Western Media and Bill Maher will never tell you about Andalusia (Spain) where all races co-existed between 711 and 1492 under Muslim power, nor about its aesthetic and intellectual achievements. We are taught that Islam is intolerant, reactionary, and can’t tolerate the outsider and NOT that Israel is intolerant, reactionary, and can’t tolerate the outsider. Catholicism for centuries was the same, but are we taught about that? Was the Spanish Inquisition somehow an exercise in tolerance? Or the Crusades?
“Every major Zionist thinker has always talked about the transfer of the Palestinians, the expulsion of the Palestinians, getting rid of them, spiriting them away. So, it’s a continuity which was there from the very beginning.” As long as Palestinians are there Palestinians will be the problem for Israel. Edward defines Hasbara as “information in the West for the goyim.” Edward said Rabin’s plan was “The best thing that will happen to the Palestinians is to get rid of them. If they won’t be gotten rid of, we’ll sign an agreement with them that will make their lives so intolerable that in the end they will die to get out. That in my opinion is the plan.” He says this is the basic Zionist premise unless you go to fringe groups like B’Tselem.

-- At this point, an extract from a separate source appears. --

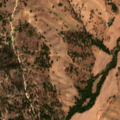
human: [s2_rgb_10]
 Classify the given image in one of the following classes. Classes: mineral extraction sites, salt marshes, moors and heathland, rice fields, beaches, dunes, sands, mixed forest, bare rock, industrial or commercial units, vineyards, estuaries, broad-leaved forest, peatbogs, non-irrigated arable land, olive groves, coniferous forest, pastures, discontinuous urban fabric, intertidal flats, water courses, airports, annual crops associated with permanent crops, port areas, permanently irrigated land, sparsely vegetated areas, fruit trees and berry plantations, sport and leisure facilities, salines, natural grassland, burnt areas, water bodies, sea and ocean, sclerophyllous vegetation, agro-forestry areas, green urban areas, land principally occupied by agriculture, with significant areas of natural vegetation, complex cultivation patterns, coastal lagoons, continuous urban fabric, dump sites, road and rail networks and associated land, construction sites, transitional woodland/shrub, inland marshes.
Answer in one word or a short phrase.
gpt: non-irrigated arable land, pastures, agro-forestry areas, coniferous forest

Note that US Media and Zionist Instagram pages endlessly blather on about security for Israelis but NEVER security for Palestinians. ONLY the occupier calls themselves the victim, while the illegally occupied are ONLY called terrorists or fools who voted for terrorism. Funny how if Palestinians were only Jewish, they’d be called Freedom Fighters. Note also that 80% of Gazans are actually not from Gaza but came from the north (Haifa, Jaffa, etc); today in 2024 they are refugees still on the move playing an endless forced game of musical chairs – only without the music or chairs, keep moving or die, or watch your friends die, while US liberals stay silent. Edward says CNN doesn’t inform, “It simply confirms the world’s ideological system, now controlled, I believe, by the US, and a few allies in Western Europe.” The PLO was born as a liberation movement in the 20th century and became the only liberation movement in human history to sadly turn “itself into a collaborator with the occupying force.”
This was another great book with Edward Said, I love everything he discussed, so reading this was a no brainer. How great to hear him in conversation, I loved the informality and sense of him being in the room while you read. Too bad it was so short, but I learned a lot.